Write out the data below in full, please. Keep every character as given.
Top of Material provided
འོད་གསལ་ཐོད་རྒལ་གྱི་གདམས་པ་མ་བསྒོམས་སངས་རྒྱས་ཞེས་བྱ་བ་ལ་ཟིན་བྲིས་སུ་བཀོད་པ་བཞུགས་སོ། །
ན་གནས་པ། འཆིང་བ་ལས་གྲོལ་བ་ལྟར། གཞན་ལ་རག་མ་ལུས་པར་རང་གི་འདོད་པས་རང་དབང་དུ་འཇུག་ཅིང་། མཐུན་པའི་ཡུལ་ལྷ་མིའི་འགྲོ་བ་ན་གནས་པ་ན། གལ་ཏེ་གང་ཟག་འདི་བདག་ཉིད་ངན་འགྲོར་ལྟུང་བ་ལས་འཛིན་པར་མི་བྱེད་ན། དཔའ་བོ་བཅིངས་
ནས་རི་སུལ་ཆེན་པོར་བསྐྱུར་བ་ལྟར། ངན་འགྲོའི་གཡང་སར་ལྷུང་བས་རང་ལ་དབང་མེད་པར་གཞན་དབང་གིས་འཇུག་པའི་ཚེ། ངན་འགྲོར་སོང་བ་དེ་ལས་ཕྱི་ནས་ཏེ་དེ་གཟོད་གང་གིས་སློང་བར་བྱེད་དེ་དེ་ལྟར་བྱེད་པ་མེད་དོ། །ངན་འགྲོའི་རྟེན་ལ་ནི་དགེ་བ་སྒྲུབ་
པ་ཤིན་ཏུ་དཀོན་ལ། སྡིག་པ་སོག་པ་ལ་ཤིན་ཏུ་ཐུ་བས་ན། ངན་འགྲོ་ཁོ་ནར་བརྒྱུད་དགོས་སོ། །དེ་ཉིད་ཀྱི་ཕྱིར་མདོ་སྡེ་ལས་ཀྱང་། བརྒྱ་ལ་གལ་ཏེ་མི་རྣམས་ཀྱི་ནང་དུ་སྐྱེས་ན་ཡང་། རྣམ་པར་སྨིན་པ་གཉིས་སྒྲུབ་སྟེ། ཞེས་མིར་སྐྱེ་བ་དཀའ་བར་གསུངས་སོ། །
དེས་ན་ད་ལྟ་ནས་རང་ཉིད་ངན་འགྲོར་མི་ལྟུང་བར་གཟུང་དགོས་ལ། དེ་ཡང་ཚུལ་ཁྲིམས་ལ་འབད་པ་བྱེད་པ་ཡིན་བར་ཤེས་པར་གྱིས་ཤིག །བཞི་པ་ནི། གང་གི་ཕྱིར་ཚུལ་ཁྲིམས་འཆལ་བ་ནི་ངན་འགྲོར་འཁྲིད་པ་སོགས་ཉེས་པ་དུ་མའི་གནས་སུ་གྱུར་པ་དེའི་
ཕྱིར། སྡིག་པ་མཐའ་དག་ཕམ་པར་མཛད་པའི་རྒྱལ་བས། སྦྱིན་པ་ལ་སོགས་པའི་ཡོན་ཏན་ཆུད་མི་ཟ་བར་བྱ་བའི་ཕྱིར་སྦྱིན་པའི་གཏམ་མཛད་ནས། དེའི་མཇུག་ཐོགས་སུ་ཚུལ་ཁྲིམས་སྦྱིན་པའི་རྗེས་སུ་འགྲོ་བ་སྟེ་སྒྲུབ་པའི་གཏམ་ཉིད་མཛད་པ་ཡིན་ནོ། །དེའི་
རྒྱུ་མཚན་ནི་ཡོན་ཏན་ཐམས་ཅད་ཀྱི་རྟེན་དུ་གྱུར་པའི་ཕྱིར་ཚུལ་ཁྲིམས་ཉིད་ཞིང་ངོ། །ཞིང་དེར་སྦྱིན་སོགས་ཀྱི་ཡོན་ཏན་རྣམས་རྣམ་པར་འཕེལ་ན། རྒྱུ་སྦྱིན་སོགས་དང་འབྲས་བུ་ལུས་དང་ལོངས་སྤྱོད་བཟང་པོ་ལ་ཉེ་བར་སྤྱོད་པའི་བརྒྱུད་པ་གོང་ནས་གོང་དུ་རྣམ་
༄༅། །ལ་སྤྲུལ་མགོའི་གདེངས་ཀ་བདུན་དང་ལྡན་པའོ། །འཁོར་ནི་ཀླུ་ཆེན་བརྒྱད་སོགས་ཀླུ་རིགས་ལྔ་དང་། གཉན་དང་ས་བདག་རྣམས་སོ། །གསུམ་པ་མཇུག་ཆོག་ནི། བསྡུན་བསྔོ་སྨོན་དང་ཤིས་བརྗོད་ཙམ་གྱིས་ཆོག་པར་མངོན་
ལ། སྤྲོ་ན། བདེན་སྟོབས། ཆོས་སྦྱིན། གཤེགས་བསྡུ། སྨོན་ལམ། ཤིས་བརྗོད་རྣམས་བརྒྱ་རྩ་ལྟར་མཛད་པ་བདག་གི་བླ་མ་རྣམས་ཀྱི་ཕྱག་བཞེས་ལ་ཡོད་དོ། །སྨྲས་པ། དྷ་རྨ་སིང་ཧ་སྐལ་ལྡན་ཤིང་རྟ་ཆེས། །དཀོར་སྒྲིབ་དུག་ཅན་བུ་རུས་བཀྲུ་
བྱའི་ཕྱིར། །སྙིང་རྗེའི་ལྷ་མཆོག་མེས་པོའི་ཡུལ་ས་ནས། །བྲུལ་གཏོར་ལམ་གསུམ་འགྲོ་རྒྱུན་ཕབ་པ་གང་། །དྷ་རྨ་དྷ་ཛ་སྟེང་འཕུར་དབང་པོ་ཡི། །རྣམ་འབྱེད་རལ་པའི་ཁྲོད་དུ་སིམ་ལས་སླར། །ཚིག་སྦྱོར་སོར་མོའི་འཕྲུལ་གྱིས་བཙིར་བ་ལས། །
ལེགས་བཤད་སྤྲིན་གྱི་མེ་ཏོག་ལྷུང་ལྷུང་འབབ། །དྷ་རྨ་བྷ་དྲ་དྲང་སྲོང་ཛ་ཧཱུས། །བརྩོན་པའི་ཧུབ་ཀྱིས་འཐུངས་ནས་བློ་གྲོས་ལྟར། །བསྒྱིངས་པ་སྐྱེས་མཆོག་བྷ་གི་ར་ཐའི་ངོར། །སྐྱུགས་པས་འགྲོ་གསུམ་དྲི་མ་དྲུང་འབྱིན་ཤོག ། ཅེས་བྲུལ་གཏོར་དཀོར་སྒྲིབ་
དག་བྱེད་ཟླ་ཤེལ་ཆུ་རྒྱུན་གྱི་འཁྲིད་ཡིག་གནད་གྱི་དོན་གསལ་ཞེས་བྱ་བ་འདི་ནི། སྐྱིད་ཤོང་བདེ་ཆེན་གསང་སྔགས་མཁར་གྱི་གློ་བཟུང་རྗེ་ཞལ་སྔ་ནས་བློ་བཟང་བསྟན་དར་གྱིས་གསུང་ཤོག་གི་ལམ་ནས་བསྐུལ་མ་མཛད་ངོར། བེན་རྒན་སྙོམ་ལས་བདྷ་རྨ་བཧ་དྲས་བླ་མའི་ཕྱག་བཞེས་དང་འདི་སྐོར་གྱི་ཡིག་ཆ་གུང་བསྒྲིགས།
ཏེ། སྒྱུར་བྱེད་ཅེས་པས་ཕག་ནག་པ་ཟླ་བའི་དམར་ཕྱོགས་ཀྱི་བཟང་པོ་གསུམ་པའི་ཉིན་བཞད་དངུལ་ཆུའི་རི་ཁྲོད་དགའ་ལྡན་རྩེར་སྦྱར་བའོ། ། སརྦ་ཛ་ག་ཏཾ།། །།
Bottom of Material provided
Response to the exercise.
འོད་གསལ་ཐོད་རྒལ་གྱི་གདམས་པ་མ་བསྒོམས་སངས་རྒྱས་ཞེས་བྱ་བ་ལ་ཟིན་བྲིས་སུ་བཀོད་པ་བཞུགས་སོ། །
ན་གནས་པ། འཆིང་བ་ལས་གྲོལ་བ་ལྟར། གཞན་ལ་རག་མ་ལུས་པར་རང་གི་འདོད་པས་རང་དབང་དུ་འཇུག་ཅིང་། མཐུན་པའི་ཡུལ་ལྷ་མིའི་འགྲོ་བ་ན་གནས་པ་ན། གལ་ཏེ་གང་ཟག་འདི་བདག་ཉིད་ངན་འགྲོར་ལྟུང་བ་ལས་འཛིན་པར་མི་བྱེད་ན། དཔའ་བོ་བཅིངས་
ནས་རི་སུལ་ཆེན་པོར་བསྐྱུར་བ་ལྟར། ངན་འགྲོའི་གཡང་སར་ལྷུང་བས་རང་ལ་དབང་མེད་པར་གཞན་དབང་གིས་འཇུག་པའི་ཚེ། ངན་འགྲོར་སོང་བ་དེ་ལས་ཕྱི་ནས་ཏེ་དེ་གཟོད་གང་གིས་སློང་བར་བྱེད་དེ་དེ་ལྟར་བྱེད་པ་མེད་དོ། །ངན་འགྲོའི་རྟེན་ལ་ནི་དགེ་བ་སྒྲུབ་
པ་ཤིན་ཏུ་དཀོན་ལ། སྡིག་པ་སོག་པ་ལ་ཤིན་ཏུ་ཐུ་བས་ན། ངན་འགྲོ་ཁོ་ནར་བརྒྱུད་དགོས་སོ། །དེ་ཉིད་ཀྱི་ཕྱིར་མདོ་སྡེ་ལས་ཀྱང་། བརྒྱ་ལ་གལ་ཏེ་མི་རྣམས་ཀྱི་ནང་དུ་སྐྱེས་ན་ཡང་། རྣམ་པར་སྨིན་པ་གཉིས་སྒྲུབ་སྟེ། ཞེས་མིར་སྐྱེ་བ་དཀའ་བར་གསུངས་སོ། །
དེས་ན་ད་ལྟ་ནས་རང་ཉིད་ངན་འགྲོར་མི་ལྟུང་བར་གཟུང་དགོས་ལ། དེ་ཡང་ཚུལ་ཁྲིམས་ལ་འབད་པ་བྱེད་པ་ཡིན་བར་ཤེས་པར་གྱིས་ཤིག །བཞི་པ་ནི། གང་གི་ཕྱིར་ཚུལ་ཁྲིམས་འཆལ་བ་ནི་ངན་འགྲོར་འཁྲིད་པ་སོགས་ཉེས་པ་དུ་མའི་གནས་སུ་གྱུར་པ་དེའི་
ཕྱིར། སྡིག་པ་མཐའ་དག་ཕམ་པར་མཛད་པའི་རྒྱལ་བས། སྦྱིན་པ་ལ་སོགས་པའི་ཡོན་ཏན་ཆུད་མི་ཟ་བར་བྱ་བའི་ཕྱིར་སྦྱིན་པའི་གཏམ་མཛད་ནས། དེའི་མཇུག་ཐོགས་སུ་ཚུལ་ཁྲིམས་སྦྱིན་པའི་རྗེས་སུ་འགྲོ་བ་སྟེ་སྒྲུབ་པའི་གཏམ་ཉིད་མཛད་པ་ཡིན་ནོ། །དེའི་
རྒྱུ་མཚན་ནི་ཡོན་ཏན་ཐམས་ཅད་ཀྱི་རྟེན་དུ་གྱུར་པའི་ཕྱིར་ཚུལ་ཁྲིམས་ཉིད་ཞིང་ངོ། །ཞིང་དེར་སྦྱིན་སོགས་ཀྱི་ཡོན་ཏན་རྣམས་རྣམ་པར་འཕེལ་ན། རྒྱུ་སྦྱིན་སོགས་དང་འབྲས་བུ་ལུས་དང་ལོངས་སྤྱོད་བཟང་པོ་ལ་ཉེ་བར་སྤྱོད་པའི་བརྒྱུད་པ་གོང་ནས་གོང་དུ་རྣམ་
༄༅། །ལ་སྤྲུལ་མགོའི་གདེངས་ཀ་བདུན་དང་ལྡན་པའོ། །འཁོར་ནི་ཀླུ་ཆེན་བརྒྱད་སོགས་ཀླུ་རིགས་ལྔ་དང་། གཉན་དང་ས་བདག་རྣམས་སོ། །གསུམ་པ་མཇུག་ཆོག་ནི། བསྡུན་བསྔོ་སྨོན་དང་ཤིས་བརྗོད་ཙམ་གྱིས་ཆོག་པར་མངོན་
ལ། སྤྲོ་ན། བདེན་སྟོབས། ཆོས་སྦྱིན། གཤེགས་བསྡུ། སྨོན་ལམ། ཤིས་བརྗོད་རྣམས་བརྒྱ་རྩ་ལྟར་མཛད་པ་བདག་གི་བླ་མ་རྣམས་ཀྱི་ཕྱག་བཞེས་ལ་ཡོད་དོ། །སྨྲས་པ། དྷ་རྨ་སིང་ཧ་སྐལ་ལྡན་ཤིང་རྟ་ཆེས། །དཀོར་སྒྲིབ་དུག་ཅན་བུ་རུས་བཀྲུ་
བྱའི་ཕྱིར། །སྙིང་རྗེའི་ལྷ་མཆོག་མེས་པོའི་ཡུལ་ས་ནས། །བྲུལ་གཏོར་ལམ་གསུམ་འགྲོ་རྒྱུན་ཕབ་པ་གང་། །དྷ་རྨ་དྷ་ཛ་སྟེང་འཕུར་དབང་པོ་ཡི། །རྣམ་འབྱེད་རལ་པའི་ཁྲོད་དུ་སིམ་ལས་སླར། །ཚིག་སྦྱོར་སོར་མོའི་འཕྲུལ་གྱིས་བཙིར་བ་ལས། །
ལེགས་བཤད་སྤྲིན་གྱི་མེ་ཏོག་ལྷུང་ལྷུང་འབབ། །དྷ་རྨ་བྷ་དྲ་དྲང་སྲོང་ཛ་ཧཱུས། །བརྩོན་པའི་ཧུབ་ཀྱིས་འཐུངས་ནས་བློ་གྲོས་ལྟར། །བསྒྱིངས་པ་སྐྱེས་མཆོག་བྷ་གི་ར་ཐའི་ངོར། །སྐྱུགས་པས་འགྲོ་གསུམ་དྲི་མ་དྲུང་འབྱིན་ཤོག ། ཅེས་བྲུལ་གཏོར་དཀོར་སྒྲིབ་
དག་བྱེད་ཟླ་ཤེལ་ཆུ་རྒྱུན་གྱི་འཁྲིད་ཡིག་གནད་གྱི་དོན་གསལ་ཞེས་བྱ་བ་འདི་ནི། སྐྱིད་ཤོང་བདེ་ཆེན་གསང་སྔགས་མཁར་གྱི་གློ་བཟུང་རྗེ་ཞལ་སྔ་ནས་བློ་བཟང་བསྟན་དར་གྱིས་གསུང་ཤོག་གི་ལམ་ནས་བསྐུལ་མ་མཛད་ངོར། བེན་རྒན་སྙོམ་ལས་བདྷ་རྨ་བཧ་དྲས་བླ་མའི་ཕྱག་བཞེས་དང་འདི་སྐོར་གྱི་ཡིག་ཆ་གུང་བསྒྲིགས།
ཏེ། སྒྱུར་བྱེད་ཅེས་པས་ཕག་ནག་པ་ཟླ་བའི་དམར་ཕྱོགས་ཀྱི་བཟང་པོ་གསུམ་པའི་ཉིན་བཞད་དངུལ་ཆུའི་རི་ཁྲོད་དགའ་ལྡན་རྩེར་སྦྱར་བའོ། ། སརྦ་ཛ་ག་ཏཾ།། །།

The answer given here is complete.